Problem details — Starting at the first line of the entries below, output every line exactly, up to and including the line with "keretezésről a győztes, gdański".

(Information supplied begins)

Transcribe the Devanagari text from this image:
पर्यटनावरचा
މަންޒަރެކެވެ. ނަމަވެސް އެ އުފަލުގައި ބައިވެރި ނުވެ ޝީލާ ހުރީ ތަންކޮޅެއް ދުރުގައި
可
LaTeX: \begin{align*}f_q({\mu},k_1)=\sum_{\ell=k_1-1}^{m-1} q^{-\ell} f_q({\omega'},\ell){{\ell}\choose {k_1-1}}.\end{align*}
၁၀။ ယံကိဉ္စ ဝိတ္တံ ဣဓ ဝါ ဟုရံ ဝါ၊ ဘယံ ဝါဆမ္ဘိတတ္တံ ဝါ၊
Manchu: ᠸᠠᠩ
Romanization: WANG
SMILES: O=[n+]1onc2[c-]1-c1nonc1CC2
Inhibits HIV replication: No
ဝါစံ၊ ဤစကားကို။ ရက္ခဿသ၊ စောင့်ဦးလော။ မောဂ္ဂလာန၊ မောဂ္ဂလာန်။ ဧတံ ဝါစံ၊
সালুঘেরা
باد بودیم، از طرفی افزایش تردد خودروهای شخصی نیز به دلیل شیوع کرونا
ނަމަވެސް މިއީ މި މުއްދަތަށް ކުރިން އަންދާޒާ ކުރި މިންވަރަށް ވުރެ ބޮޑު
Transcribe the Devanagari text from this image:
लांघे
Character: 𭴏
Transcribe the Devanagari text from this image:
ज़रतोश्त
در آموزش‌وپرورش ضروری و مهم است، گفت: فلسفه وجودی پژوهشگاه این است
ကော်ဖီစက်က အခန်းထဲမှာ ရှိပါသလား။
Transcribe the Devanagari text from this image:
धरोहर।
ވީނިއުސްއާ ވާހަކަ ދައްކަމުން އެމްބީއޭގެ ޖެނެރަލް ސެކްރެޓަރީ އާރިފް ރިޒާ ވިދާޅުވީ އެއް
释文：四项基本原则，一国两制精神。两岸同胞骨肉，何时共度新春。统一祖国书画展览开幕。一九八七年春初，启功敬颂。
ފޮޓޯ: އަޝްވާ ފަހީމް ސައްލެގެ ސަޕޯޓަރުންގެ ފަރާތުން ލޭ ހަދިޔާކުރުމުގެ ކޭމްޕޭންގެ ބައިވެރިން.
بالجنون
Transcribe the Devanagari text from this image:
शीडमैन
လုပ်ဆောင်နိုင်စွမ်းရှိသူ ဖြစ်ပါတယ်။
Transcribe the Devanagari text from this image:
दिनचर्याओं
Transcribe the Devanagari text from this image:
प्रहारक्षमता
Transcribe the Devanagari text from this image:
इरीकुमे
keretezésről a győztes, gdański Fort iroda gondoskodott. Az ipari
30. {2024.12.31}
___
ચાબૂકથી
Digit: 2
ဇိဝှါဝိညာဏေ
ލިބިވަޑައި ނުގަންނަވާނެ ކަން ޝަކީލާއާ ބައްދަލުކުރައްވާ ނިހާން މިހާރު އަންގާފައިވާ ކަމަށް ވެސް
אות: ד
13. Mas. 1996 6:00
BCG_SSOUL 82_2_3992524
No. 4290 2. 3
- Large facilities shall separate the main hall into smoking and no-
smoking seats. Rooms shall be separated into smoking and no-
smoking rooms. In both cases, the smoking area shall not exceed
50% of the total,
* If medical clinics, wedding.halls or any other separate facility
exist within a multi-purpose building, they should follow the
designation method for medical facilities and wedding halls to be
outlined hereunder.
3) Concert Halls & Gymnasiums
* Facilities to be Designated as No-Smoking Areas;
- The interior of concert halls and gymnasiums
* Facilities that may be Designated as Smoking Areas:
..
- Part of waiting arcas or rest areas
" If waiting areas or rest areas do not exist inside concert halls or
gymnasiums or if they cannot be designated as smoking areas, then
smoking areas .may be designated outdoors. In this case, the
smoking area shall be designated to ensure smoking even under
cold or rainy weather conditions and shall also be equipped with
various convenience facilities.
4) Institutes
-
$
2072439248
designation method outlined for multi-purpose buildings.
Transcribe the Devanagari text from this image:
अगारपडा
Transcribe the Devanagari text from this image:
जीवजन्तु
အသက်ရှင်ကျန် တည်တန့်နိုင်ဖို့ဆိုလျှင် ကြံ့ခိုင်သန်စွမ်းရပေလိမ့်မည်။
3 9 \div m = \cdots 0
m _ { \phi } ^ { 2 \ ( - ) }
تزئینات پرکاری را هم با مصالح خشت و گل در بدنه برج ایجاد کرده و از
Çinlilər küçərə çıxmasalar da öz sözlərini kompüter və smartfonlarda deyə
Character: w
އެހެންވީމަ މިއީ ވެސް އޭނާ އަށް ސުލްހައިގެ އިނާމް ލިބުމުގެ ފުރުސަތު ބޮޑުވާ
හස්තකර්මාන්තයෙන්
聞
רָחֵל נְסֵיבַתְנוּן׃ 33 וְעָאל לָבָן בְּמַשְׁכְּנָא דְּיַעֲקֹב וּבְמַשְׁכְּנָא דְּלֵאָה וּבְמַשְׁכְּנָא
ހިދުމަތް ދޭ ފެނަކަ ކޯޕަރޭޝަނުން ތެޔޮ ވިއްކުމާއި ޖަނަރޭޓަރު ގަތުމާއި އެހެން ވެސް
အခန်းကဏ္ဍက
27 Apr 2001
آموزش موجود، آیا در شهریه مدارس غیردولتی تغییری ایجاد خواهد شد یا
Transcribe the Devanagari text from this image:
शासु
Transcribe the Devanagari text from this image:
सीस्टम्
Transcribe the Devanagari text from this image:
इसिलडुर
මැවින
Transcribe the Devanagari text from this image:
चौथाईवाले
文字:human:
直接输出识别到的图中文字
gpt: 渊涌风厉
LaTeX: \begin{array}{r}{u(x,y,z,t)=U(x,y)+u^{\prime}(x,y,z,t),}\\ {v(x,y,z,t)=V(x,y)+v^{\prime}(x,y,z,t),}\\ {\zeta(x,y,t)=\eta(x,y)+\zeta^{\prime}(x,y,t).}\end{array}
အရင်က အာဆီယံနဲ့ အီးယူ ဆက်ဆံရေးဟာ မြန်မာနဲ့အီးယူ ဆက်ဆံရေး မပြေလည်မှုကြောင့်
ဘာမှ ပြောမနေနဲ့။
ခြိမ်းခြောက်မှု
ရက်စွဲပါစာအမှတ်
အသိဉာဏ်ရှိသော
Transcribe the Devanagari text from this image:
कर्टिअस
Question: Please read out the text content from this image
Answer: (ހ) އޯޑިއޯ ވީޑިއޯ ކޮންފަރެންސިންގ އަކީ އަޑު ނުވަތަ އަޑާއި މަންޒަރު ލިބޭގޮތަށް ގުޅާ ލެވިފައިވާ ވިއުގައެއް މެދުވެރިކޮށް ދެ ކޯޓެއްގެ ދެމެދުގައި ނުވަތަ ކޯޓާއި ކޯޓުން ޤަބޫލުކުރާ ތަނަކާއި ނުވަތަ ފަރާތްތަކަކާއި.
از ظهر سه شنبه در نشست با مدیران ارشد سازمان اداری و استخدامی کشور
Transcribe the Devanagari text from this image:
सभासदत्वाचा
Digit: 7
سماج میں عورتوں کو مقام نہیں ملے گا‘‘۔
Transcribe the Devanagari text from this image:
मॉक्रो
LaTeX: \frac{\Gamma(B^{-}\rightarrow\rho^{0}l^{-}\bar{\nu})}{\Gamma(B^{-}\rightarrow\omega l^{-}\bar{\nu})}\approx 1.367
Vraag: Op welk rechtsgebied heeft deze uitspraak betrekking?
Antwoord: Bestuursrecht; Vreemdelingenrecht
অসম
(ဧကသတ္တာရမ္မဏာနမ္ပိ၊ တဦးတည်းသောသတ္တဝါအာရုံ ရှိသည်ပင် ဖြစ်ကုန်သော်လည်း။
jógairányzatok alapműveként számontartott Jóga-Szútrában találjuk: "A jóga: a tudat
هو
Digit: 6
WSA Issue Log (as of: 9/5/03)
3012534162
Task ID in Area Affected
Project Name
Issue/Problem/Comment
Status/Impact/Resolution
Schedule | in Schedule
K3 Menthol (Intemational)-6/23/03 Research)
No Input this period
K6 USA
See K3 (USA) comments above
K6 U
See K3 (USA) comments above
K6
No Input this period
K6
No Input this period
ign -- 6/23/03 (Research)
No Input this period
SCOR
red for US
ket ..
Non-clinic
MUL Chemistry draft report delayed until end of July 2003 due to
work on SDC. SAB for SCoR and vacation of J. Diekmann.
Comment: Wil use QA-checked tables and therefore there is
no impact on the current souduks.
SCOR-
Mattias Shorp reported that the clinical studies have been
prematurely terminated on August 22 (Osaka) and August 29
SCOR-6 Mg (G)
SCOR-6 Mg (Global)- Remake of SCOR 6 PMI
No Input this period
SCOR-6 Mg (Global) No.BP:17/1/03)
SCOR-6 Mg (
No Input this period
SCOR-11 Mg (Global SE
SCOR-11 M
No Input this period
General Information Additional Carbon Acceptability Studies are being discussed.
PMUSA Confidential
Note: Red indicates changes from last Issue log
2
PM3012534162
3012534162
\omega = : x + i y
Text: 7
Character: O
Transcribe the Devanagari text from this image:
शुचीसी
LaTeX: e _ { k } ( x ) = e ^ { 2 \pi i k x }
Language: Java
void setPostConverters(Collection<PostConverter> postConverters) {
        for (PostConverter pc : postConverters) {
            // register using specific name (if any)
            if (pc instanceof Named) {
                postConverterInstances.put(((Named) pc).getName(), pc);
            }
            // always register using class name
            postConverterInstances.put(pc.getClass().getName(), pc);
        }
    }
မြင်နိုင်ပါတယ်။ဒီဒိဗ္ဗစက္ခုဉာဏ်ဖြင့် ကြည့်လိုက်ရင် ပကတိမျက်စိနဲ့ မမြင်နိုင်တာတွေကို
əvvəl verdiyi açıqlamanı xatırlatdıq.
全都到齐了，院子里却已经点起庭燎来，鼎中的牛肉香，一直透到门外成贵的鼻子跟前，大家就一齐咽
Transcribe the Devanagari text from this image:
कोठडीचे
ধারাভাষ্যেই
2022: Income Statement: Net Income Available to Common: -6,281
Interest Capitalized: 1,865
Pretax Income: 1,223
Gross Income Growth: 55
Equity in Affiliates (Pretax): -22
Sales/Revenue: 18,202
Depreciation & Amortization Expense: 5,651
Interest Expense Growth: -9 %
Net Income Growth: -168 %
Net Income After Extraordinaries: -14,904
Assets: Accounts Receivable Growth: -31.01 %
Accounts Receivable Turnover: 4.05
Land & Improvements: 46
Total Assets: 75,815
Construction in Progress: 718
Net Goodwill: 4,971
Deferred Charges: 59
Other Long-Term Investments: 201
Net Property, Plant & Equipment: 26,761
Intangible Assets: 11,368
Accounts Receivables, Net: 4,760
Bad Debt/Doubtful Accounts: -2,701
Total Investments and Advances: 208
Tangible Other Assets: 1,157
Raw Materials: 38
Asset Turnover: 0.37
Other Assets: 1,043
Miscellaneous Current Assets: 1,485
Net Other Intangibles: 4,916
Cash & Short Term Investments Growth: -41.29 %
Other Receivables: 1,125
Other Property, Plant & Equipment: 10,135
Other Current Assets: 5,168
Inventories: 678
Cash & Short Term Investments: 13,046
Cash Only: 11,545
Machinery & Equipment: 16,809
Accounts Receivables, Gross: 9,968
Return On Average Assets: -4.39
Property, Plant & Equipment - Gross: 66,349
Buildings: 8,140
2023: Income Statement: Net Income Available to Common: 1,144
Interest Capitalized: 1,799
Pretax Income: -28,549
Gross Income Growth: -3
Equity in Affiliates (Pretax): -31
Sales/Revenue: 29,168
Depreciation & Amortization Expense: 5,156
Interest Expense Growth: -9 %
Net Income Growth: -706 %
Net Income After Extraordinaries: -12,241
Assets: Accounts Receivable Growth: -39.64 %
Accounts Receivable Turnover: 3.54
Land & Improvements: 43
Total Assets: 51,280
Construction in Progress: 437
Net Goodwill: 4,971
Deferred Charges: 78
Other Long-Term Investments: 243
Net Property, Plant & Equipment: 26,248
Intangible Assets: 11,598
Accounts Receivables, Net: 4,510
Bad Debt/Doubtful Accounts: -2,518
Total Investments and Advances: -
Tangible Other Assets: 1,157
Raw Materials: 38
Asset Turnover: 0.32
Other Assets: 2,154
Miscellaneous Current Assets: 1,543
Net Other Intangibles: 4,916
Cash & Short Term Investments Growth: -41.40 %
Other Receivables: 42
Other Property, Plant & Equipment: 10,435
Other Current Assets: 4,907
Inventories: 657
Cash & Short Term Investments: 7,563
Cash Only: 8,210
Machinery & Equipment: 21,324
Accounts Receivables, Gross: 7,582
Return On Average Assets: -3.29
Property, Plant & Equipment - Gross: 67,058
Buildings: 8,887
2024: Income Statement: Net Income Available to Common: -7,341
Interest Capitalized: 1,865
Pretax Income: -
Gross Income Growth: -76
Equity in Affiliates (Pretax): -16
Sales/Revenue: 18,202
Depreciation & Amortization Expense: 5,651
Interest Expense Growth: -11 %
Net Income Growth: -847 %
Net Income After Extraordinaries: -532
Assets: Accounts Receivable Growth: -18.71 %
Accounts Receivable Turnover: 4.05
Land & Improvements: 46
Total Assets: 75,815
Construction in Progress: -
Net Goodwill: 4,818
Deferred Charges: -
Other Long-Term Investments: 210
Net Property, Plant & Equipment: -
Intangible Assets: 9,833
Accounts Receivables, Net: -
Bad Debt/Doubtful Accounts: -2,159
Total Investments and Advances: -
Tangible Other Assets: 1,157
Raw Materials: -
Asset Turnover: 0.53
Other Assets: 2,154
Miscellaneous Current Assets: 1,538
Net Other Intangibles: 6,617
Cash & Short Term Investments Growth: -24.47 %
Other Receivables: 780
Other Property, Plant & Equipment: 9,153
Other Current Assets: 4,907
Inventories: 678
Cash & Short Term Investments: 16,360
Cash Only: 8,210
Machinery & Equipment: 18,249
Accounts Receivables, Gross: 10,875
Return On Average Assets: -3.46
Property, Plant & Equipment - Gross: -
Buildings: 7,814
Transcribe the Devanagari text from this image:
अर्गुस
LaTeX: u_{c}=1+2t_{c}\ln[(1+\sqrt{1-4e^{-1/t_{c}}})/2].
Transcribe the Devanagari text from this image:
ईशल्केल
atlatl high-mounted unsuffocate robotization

(Information supplied ends)

Response to this exercise —
Transcribe the Devanagari text from this image:
पर्यटनावरचा
މަންޒަރެކެވެ. ނަމަވެސް އެ އުފަލުގައި ބައިވެރި ނުވެ ޝީލާ ހުރީ ތަންކޮޅެއް ދުރުގައި
可
LaTeX: \begin{align*}f_q({\mu},k_1)=\sum_{\ell=k_1-1}^{m-1} q^{-\ell} f_q({\omega'},\ell){{\ell}\choose {k_1-1}}.\end{align*}
၁၀။ ယံကိဉ္စ ဝိတ္တံ ဣဓ ဝါ ဟုရံ ဝါ၊ ဘယံ ဝါဆမ္ဘိတတ္တံ ဝါ၊
Manchu: ᠸᠠᠩ
Romanization: WANG
SMILES: O=[n+]1onc2[c-]1-c1nonc1CC2
Inhibits HIV replication: No
ဝါစံ၊ ဤစကားကို။ ရက္ခဿသ၊ စောင့်ဦးလော။ မောဂ္ဂလာန၊ မောဂ္ဂလာန်။ ဧတံ ဝါစံ၊
সালুঘেরা
باد بودیم، از طرفی افزایش تردد خودروهای شخصی نیز به دلیل شیوع کرونا
ނަމަވެސް މިއީ މި މުއްދަތަށް ކުރިން އަންދާޒާ ކުރި މިންވަރަށް ވުރެ ބޮޑު
Transcribe the Devanagari text from this image:
लांघे
Character: 𭴏
Transcribe the Devanagari text from this image:
ज़रतोश्त
در آموزش‌وپرورش ضروری و مهم است، گفت: فلسفه وجودی پژوهشگاه این است
ကော်ဖီစက်က အခန်းထဲမှာ ရှိပါသလား။
Transcribe the Devanagari text from this image:
धरोहर।
ވީނިއުސްއާ ވާހަކަ ދައްކަމުން އެމްބީއޭގެ ޖެނެރަލް ސެކްރެޓަރީ އާރިފް ރިޒާ ވިދާޅުވީ އެއް
释文：四项基本原则，一国两制精神。两岸同胞骨肉，何时共度新春。统一祖国书画展览开幕。一九八七年春初，启功敬颂。
ފޮޓޯ: އަޝްވާ ފަހީމް ސައްލެގެ ސަޕޯޓަރުންގެ ފަރާތުން ލޭ ހަދިޔާކުރުމުގެ ކޭމްޕޭންގެ ބައިވެރިން.
بالجنون
Transcribe the Devanagari text from this image:
शीडमैन
လုပ်ဆောင်နိုင်စွမ်းရှိသူ ဖြစ်ပါတယ်။
Transcribe the Devanagari text from this image:
दिनचर्याओं
Transcribe the Devanagari text from this image:
प्रहारक्षमता
Transcribe the Devanagari text from this image:
इरीकुमे
keretezésről a győztes, gdański Fort iroda gondoskodott. Az ipari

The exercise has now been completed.